A sample file looks like this:

sample_file <- readLines("https://gedcom.io/testfiles/gedcom70/remarriage1.ged")
sample_file
#>  [1] "0 HEAD"                 "1 GEDC"                 "2 VERS 7.0"            
#>  [4] "0 @I1@ INDI"            "1 NAME John Q /Public/" "1 SEX M"               
#>  [7] "1 FAMS @F1@"            "1 FAMS @F2@"            "0 @I2@ INDI"           
#> [10] "1 NAME Jane /Doe/"      "1 SEX F"                "1 FAMS @F1@"           
#> [13] "0 @I3@ INDI"            "1 NAME Mary /Roe/"      "1 DEAT"                
#> [16] "2 DATE 1 MAR 1914"      "1 FAMS @F2@"            "0 @F1@ FAM"            
#> [19] "1 HUSB @I1@"            "1 WIFE @I2@"            "1 MARR"                
#> [22] "2 DATE 1 APR 1911"      "1 DIV"                  "2 DATE 2 MAY 1912"     
#> [25] "1 MARR"                 "2 DATE 4 JUL 1914"      "0 @F2@ FAM"            
#> [28] "1 HUSB @I1@"            "1 WIFE @I3@"            "1 MARR"                
#> [31] "2 DATE 3 JUN 1913"      "0 TRLR"

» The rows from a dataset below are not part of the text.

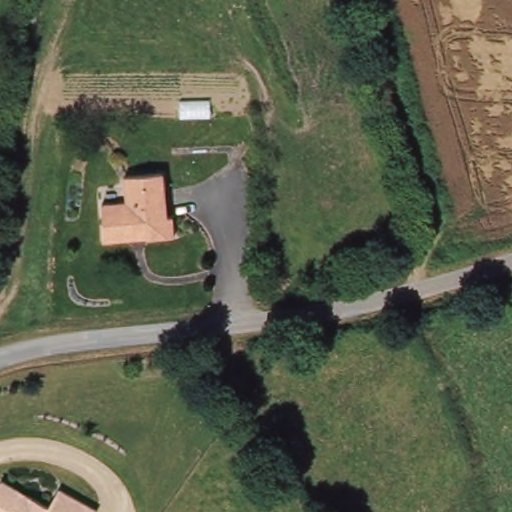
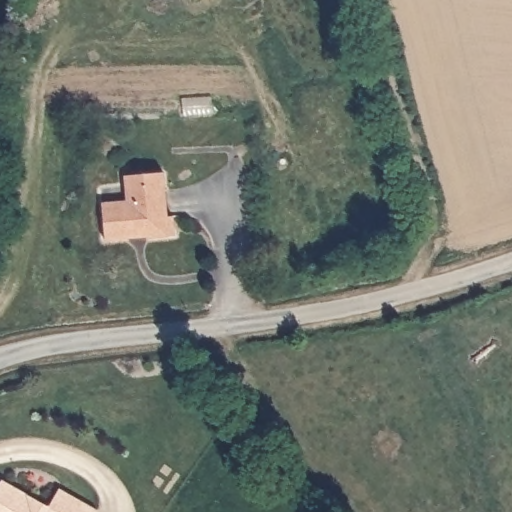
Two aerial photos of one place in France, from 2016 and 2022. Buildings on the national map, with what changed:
unchanged [(102,239),(97,202),(123,199),(121,174),(160,171),(165,213),(170,214),(171,236),(144,238),(142,233),(124,236),(102,239)]
unchanged [(47,512),(0,512),(0,485),(47,512)]
unchanged [(87,512),(48,512),(57,495),(87,512)]

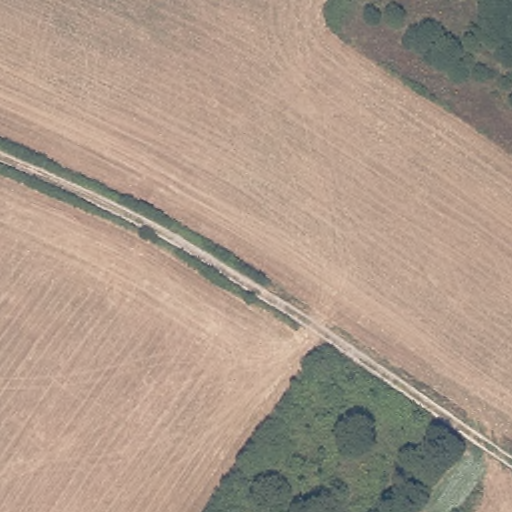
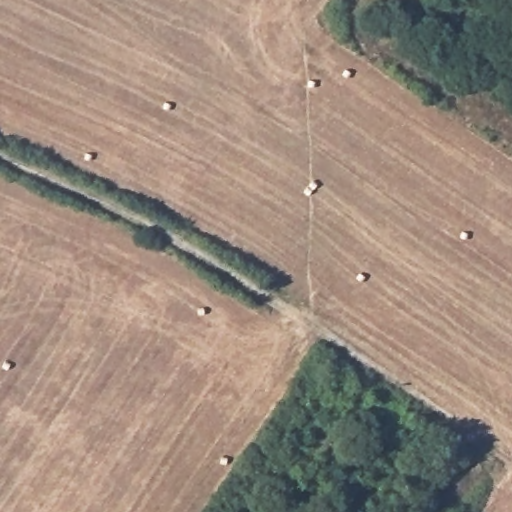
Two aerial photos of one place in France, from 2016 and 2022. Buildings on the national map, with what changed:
[]

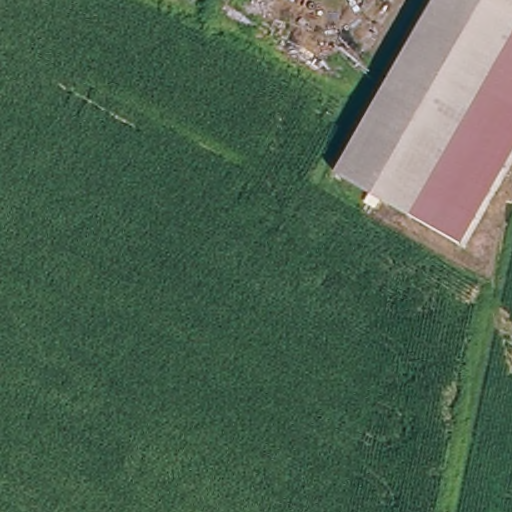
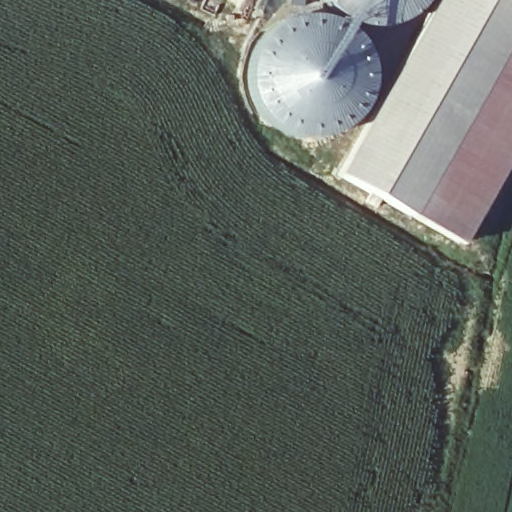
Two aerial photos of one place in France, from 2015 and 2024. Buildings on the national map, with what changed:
new [(421,5),(412,14),(402,20),(390,25),(379,27),(367,26),(355,24),(344,19),(334,12),(326,3),(324,0),(424,0),(421,5)]
unchanged [(343,178),(443,0),(512,0),(512,50),(417,220),(343,178)]
new [(257,42),(268,30),(287,18),(308,15),(331,20),(348,29),(360,43),(369,63),(371,80),(367,96),(358,119),(341,130),(320,139),(303,140),(283,134),(264,121),(256,112),(248,97),(245,76),(247,64),(251,54),(257,42)]
unchanged [(462,246),(417,220),(512,50),(512,162),(462,246)]

Each record is a nested structure containing one or more lines. Lines in a GEDCOM file can have a number of components:

  • Level: The level in the hierarchical structure. This appears for every line. New records begin at level 0;
  • Cross-reference identifier: A string (which looks like @XYZ@) that signals the beginning of a new record (apart from header and trailer);
  • Tag: A short string given immediately after the level or cross-reference identifier that indicates the type of information being provided on the line. These are controlled values. User-defined tags have been allowed in other GEDCOM programs, but they are discouraged here;
  • Line value: The value associated with the tag. For example, on line 3, the version of the GEDCOM specification that the file adheres to is 7.0. The line value can also be a cross-reference pointer, which links to another record in the file (which looks like @XYZ@). In the above example, the Family record beginning on line 18 references other Individual records who are members of the family.

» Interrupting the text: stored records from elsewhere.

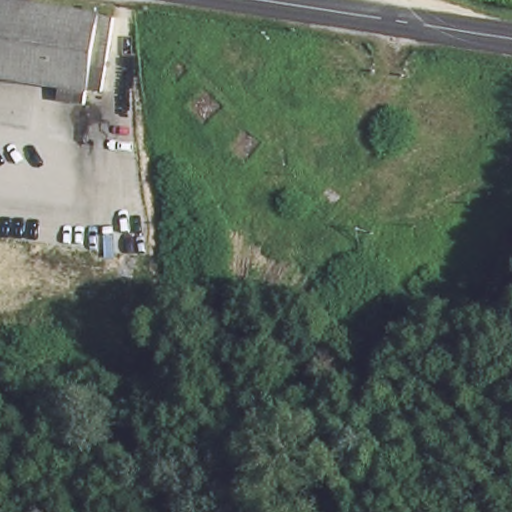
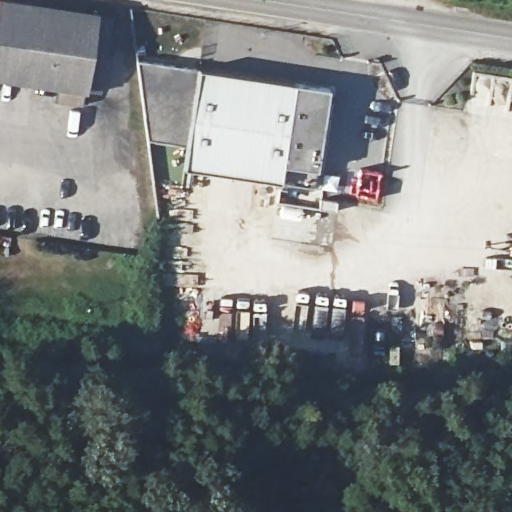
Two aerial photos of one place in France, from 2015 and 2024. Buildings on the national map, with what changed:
unchanged [(53,88),(56,73),(0,65),(0,0),(25,0),(93,10),(108,12),(98,80),(83,77),(80,92),(53,88)]
new [(181,61),(195,63),(183,138),(148,133),(144,108),(135,54),(172,59),(181,61)]
new [(196,63),(326,84),(311,183),(181,162),(196,63)]

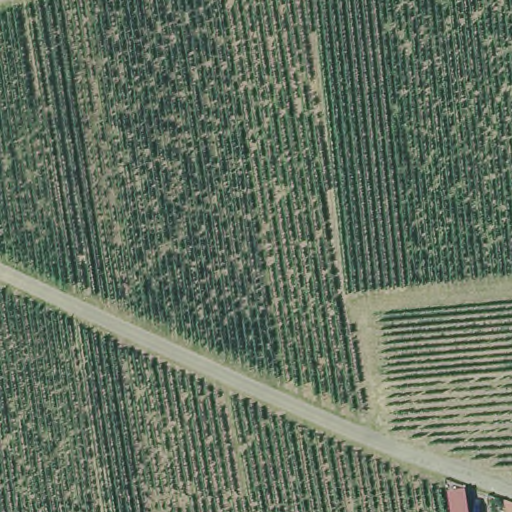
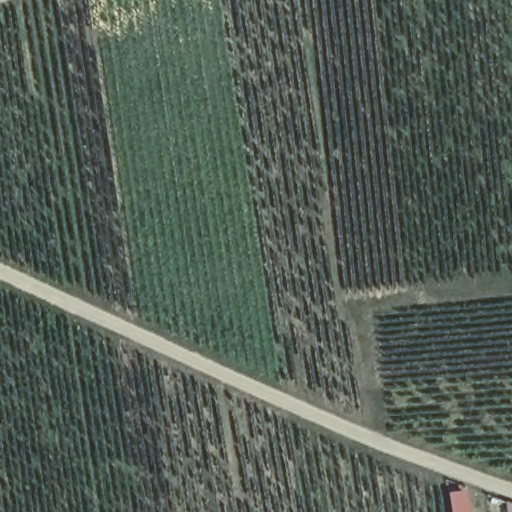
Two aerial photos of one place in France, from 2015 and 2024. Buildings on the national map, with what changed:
unchanged [(508,498),(512,499),(512,512),(510,512),(508,498)]

There will not be any lines that have all of these components. For example, the first line of records do not contain a line value.

The GEDCOM 7.0 specification is substantial, describing the strict rules around the specific set of tags and hierarchical structures allowed for each record type. You shouldn’t need to know any of the above to use the package, it is designed to automate the construction of these files.